Originally Posted by T3RM1NVT0R (Post 4376791)

configure a shared folder on one of the client and try to access from another Windows machine. This will show us if the problem occurs only when accessing data on servers or it irrespective of that.

Completed; it works.

Great.

Now we know that the issue is not with the client system communication among themselves. As we already know that the server response is normal when accessed externally this implies that the issue is not with server either.

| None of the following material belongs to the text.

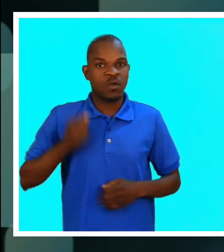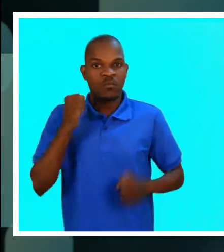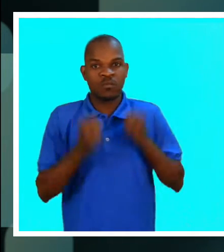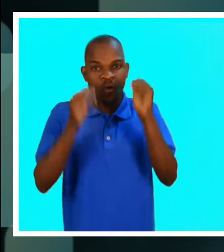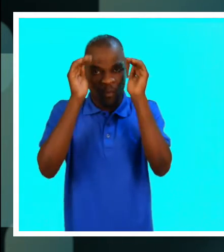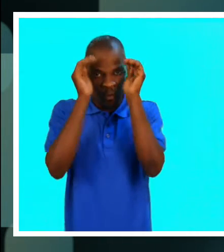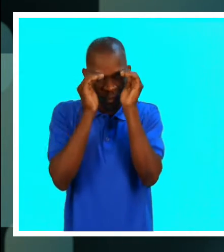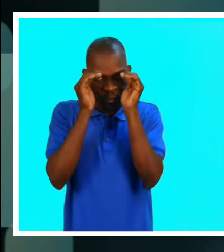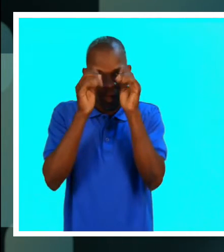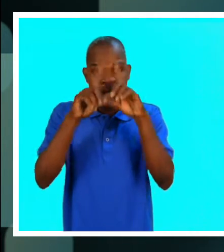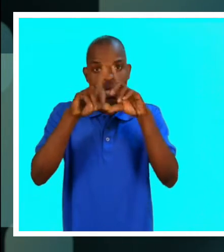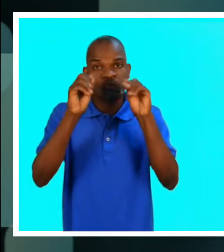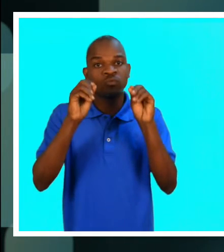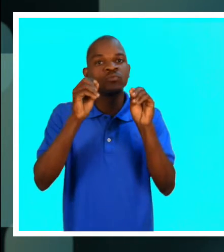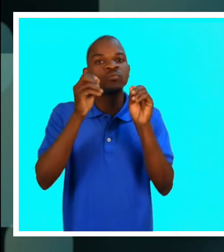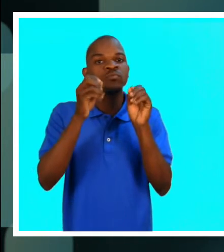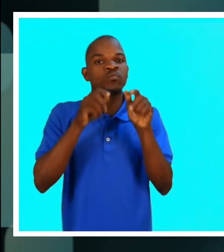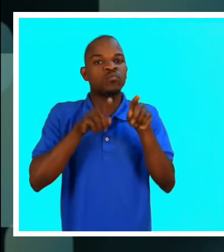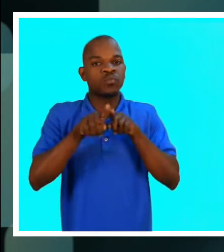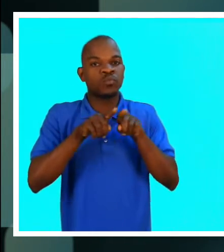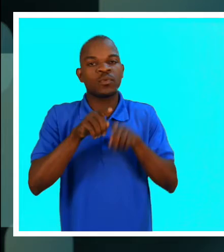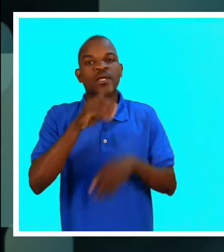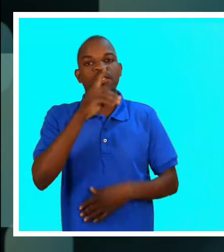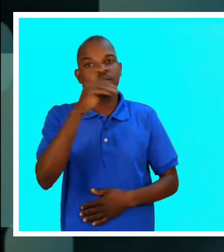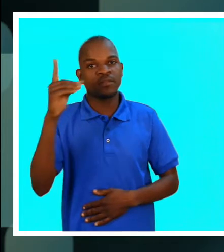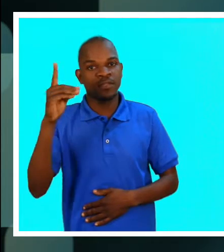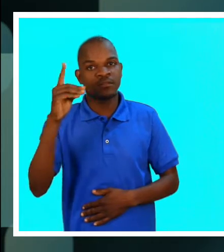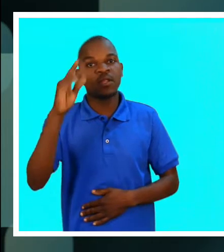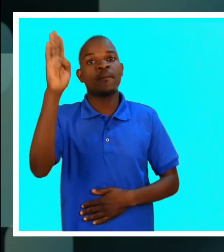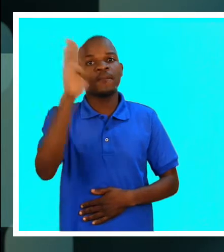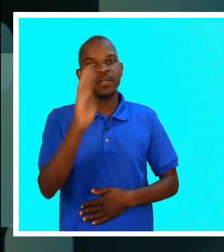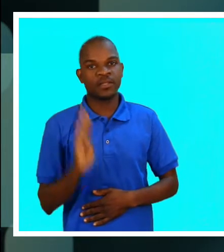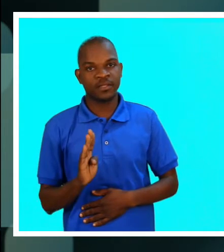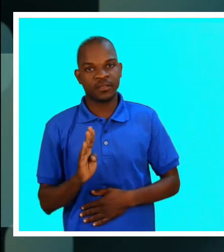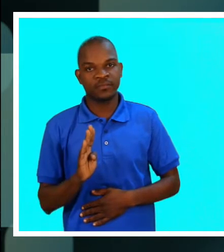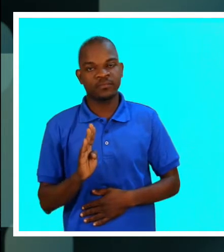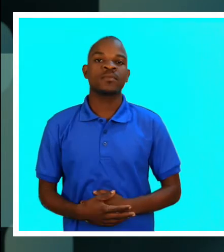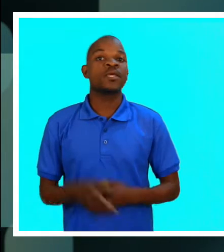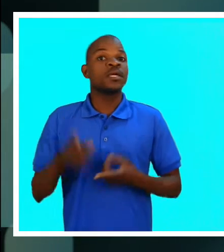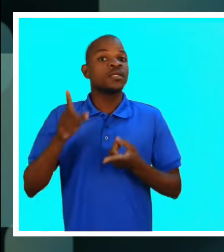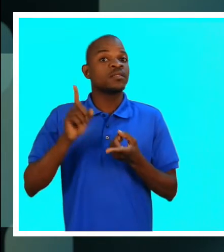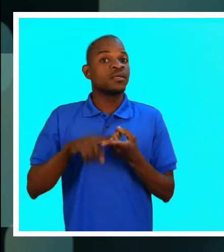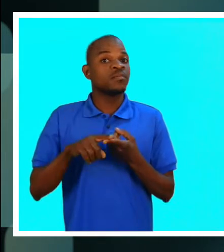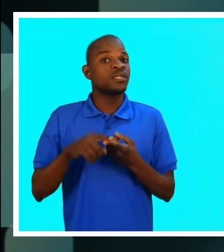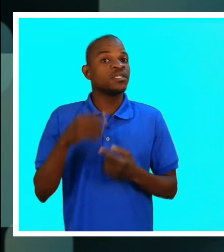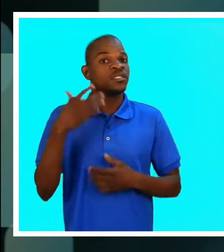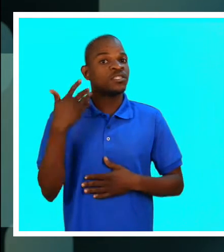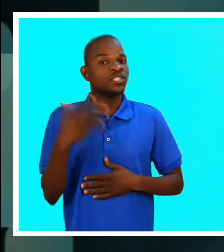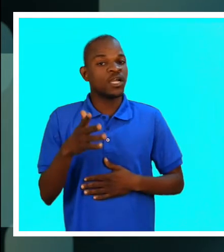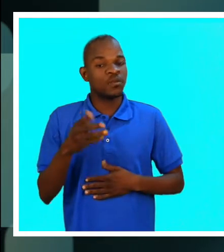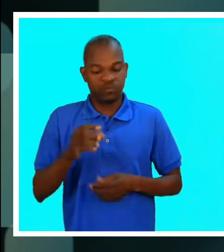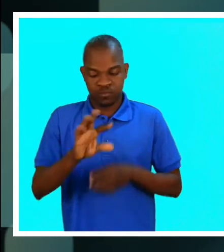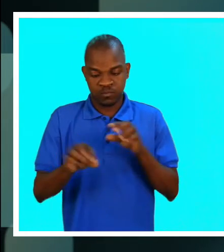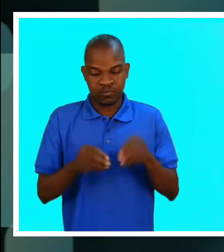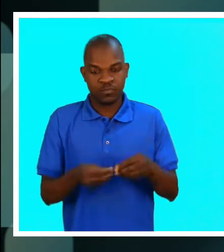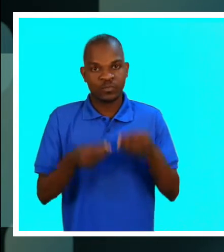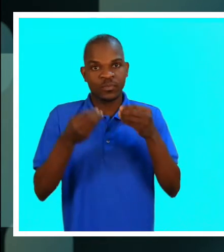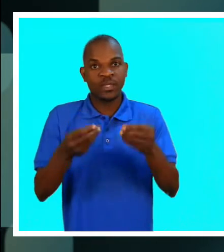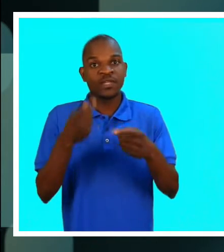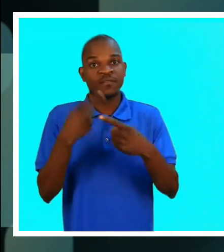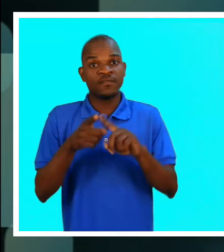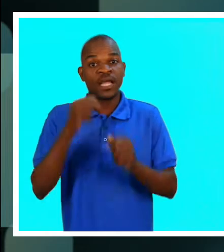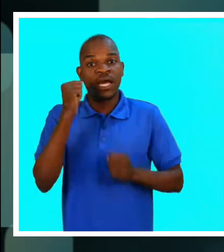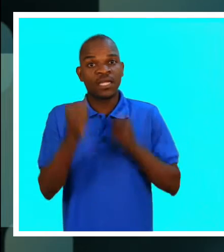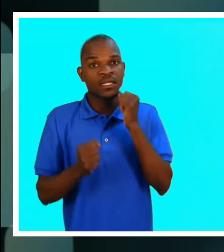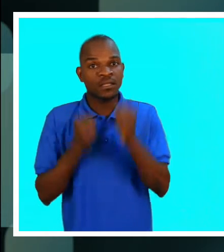prata nos Jogos Paralímpicos Rio 2016. Igualmente foram premiados

To further narrow down the issue we can try following things:

1. Perform ping from server to different clients, keep a track of reply time in ms.
2. Perform a ping between clients to compare the latency.
3. If possible connect server on a different port on switch and see the difference. This will clear up the problematic port issue if any.
4. If above steps does not give us any clue then LAN trace will be only option to go deeper.

T3RM1,
Thanks for hanging in with me.
I couldn't stay late tonight to try the 8-port switch experiment; some personal demands to take care of.

I did try an experiment earlier in the day today --
I ran tcpdump on routerbox LAN_nic and Primary/Samba_Server_nic while I scanned a document.
I was able to date-sync the two boxes to within a second of each other and will try to piece together the segment-to-segment response from Scanner to LAN_nic to Samba_Server_nic.

Wouldn't it figure, though; I saw a noticeable difference in the scanner notification today -- it was much shorter -- more like 3-5 secs. today as opposed to 10-12 secs. the day before. This is real "ghost in the machine" stuff.

Quote:

Originally Posted by Sum1 (Post 4378282)

T3RM1,
I did try an experiment earlier in the day today --
I ran tcpdump on routerbox LAN_nic and Primary/Samba_Server_nic while I scanned a document.

Forgot to mention -- I did the tcpdump test above because I don't have xorg installed on the routerbox and servers.
Since tcpdump and TShark(commandline wireshark) both use pcap reporting; I thought I would stick with tcpdump for now.

Here's the first timestamp of the document scanner hitting the routerbox LAN_nic:

Code:

2011-06-06 09:34:32.934962 IP (tos 0x0, ttl 64, id 15075, offset 0, flags [none], proto UDP (17), le

ngth 78)

    10.10.10.120.65387 > 10.10.10.255.netbios-ns: [udp sum ok] 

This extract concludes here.